Not on my watch Buddy....
mark0978
May 3 @ 3:38PM
So Electricman, those 3 videos you've posted here make you a criminal, glad to see you understand.....
electricman
May 3 @ 4:30PM
Um no I understand completely...What your friend is advocating is bigger government and the loss of the rights of the people to make choices for themselves over how their intellectual property is used...and as far as those three video's are concerned, I'm not responsible for them being on the internet. All I have done is draw attention to their existence there. What people do with them is their business. The underlying message your friend is advocating is Communism short and sweet...
mark0978
May 3 @ 8:30PM
No, electricman you don't get it. The very act of you ever watching them on your computer resulted in a copy being made on your computer which is currently ILLEGAL under copyright law.
But that is only the tip of the iceberg. Why is it that someone that creates a work today should continue making money off of that creation in perpetuity? What is copyright for? To make people fabulously wealthy or to encourage creative works.?
Key laws regulating U.S. copyrights and their key effects include:
* Copyright Act of 1790 - established U.S. copyright with term of 14 years with 14-year renewal
* Copyright Act of 1909 - extended term to 28 years with 28-year renewal
* Copyright Act of 1976 - extended term to either 75 years or life of author plus 50 years; extended copyright to unpublished works; preempted state copyright laws; codified much copyright doctrine that had originated in case law
Without a public, there is no point in copyright. An author cannot make a living writing books or music for one person (unless that person is very rich). Yet we have gone time and again away from the point of copyright. How in the world can it benefit the public to allow someone an exclusive right to something that is intangible for their entire life + 50 years? How does that encourage creativity? No one else is afforded this right, you go to your job and work your hours, you get paid. The person that paid you uses the output of your labor for the next n years, but they don't pay you for that work every day for the next n years. Copyrights last too long, and in the current digital age, the very law itself is flawed because it outlaws the physical making of a copy of the work which prevents you from even viewing this post or that movie.
Copyrights don't need to be abolished, but they need to take into account the value of the public on their very existence. Patents which are used to build machinery are only granted 20 years and they expire with NO chance for renewal precisely because we saw the fact that a perpetual patent on an idea is stifling to future progress for the public. Ideas are not even tangible, and currently copyrights lock up ideas for years and years and years.
Walt Disney made his first movies on the back of works that had passed into the public domain. Snow White, Steamboat Willie, Cinderella, all of those were his take on stories and music that had they been copyrighted could have prevented one of the largest content creators in the country from even being started.

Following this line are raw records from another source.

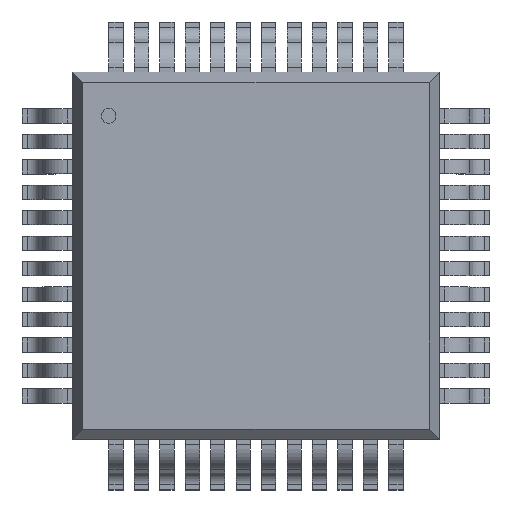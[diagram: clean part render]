
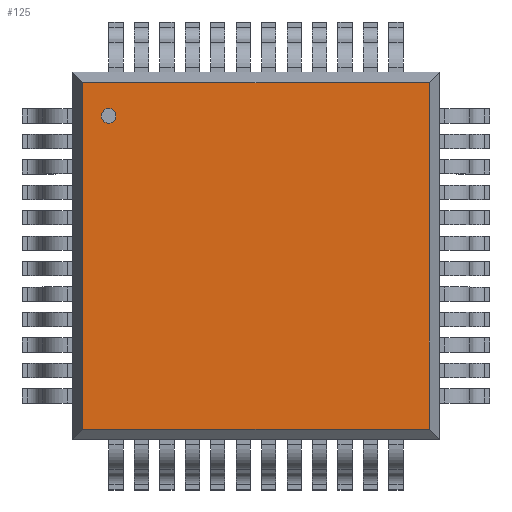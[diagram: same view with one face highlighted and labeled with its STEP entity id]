
A CAD part, top view. The second image highlights one B-rep face of the part: STEP entity #125.
In plain terms, the highlighted planar face has unit normal (0, 0, 1).
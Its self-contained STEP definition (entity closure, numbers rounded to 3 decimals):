
#125=ADVANCED_FACE('',(#131),#126,.F.);
#126=PLANE('',#127);
#127=AXIS2_PLACEMENT_3D('',#128,#129,#130);
#128=CARTESIAN_POINT('Origin',(-3.404,-3.404,1.6));
#129=DIRECTION('center_axis',(0.0,0.0,-1.0));
#130=DIRECTION('ref_axis',(0.,1.,0.));
#131=FACE_OUTER_BOUND('',#132,.T.);
#132=EDGE_LOOP('',(#133,#143,#153,#163));
#133=ORIENTED_EDGE('',*,*,#134,.F.);
#134=EDGE_CURVE('',#135,#137,#139,.T.);
#135=VERTEX_POINT('',#136);
#136=CARTESIAN_POINT('',(3.404,-3.404,1.6));
#137=VERTEX_POINT('',#138);
#138=CARTESIAN_POINT('',(-3.404,-3.404,1.6));
#139=LINE('',#140,#141);
#140=CARTESIAN_POINT('',(3.404,-3.404,1.6));
#141=VECTOR('',#142,6.807);
#142=DIRECTION('',(-1.0,0.0,0.0));
#143=ORIENTED_EDGE('',*,*,#144,.F.);
#144=EDGE_CURVE('',#145,#147,#149,.T.);
#145=VERTEX_POINT('',#146);
#146=CARTESIAN_POINT('',(3.404,3.404,1.6));
#147=VERTEX_POINT('',#136);
#149=LINE('',#150,#151);
#150=CARTESIAN_POINT('',(3.404,3.404,1.6));
#151=VECTOR('',#152,6.807);
#152=DIRECTION('',(0.0,-1.0,0.0));
#153=ORIENTED_EDGE('',*,*,#154,.F.);
#154=EDGE_CURVE('',#155,#157,#159,.T.);
#155=VERTEX_POINT('',#156);
#156=CARTESIAN_POINT('',(-3.404,3.404,1.6));
#157=VERTEX_POINT('',#146);
#159=LINE('',#160,#161);
#160=CARTESIAN_POINT('',(-3.404,3.404,1.6));
#161=VECTOR('',#162,6.807);
#162=DIRECTION('',(1.0,0.0,0.0));
#163=ORIENTED_EDGE('',*,*,#164,.F.);
#164=EDGE_CURVE('',#165,#167,#169,.T.);
#165=VERTEX_POINT('',#138);
#167=VERTEX_POINT('',#156);
#169=LINE('',#170,#171);
#170=CARTESIAN_POINT('',(-3.404,-3.404,1.6));
#171=VECTOR('',#172,6.807);
#172=DIRECTION('',(0.0,1.0,0.0));

It might be wrong for me to make copies of the latest hits on the radio and sell those to other people pocketing the funds from the sales and depriving the creator from enjoying the income from their work, but in the same way, it is wrong for them to prevent other people from deriving new works from their creations.
If you actually watched the video you would understand that this is something that isn't as cut and dried as "Not on my watch". But ignorance and stupidity are never in short supply.
ttomtarr
May 3 @ 8:48PM
That's what he thinks. Why not write a blog about what you think?
Showing yoursel is what blogging is all about.
ceecee1952
May 4 @ 12:23AM
One needs a bit of patience to get to the guts of the video. Thank-you for sharing. Copyright is a huge digital issue and has ramification as it tries to balance between protecting the creative person and allowing for public benefit. This video also explains it and might help.
http://www.youtube.com/watch?v=CJn_jC4FNDo
ty for the post
misschoos
May 4 @ 11:20AM
I'm with Tom and Spirit -
It was too boring to listen to and I'd rather hear you tell what it was about.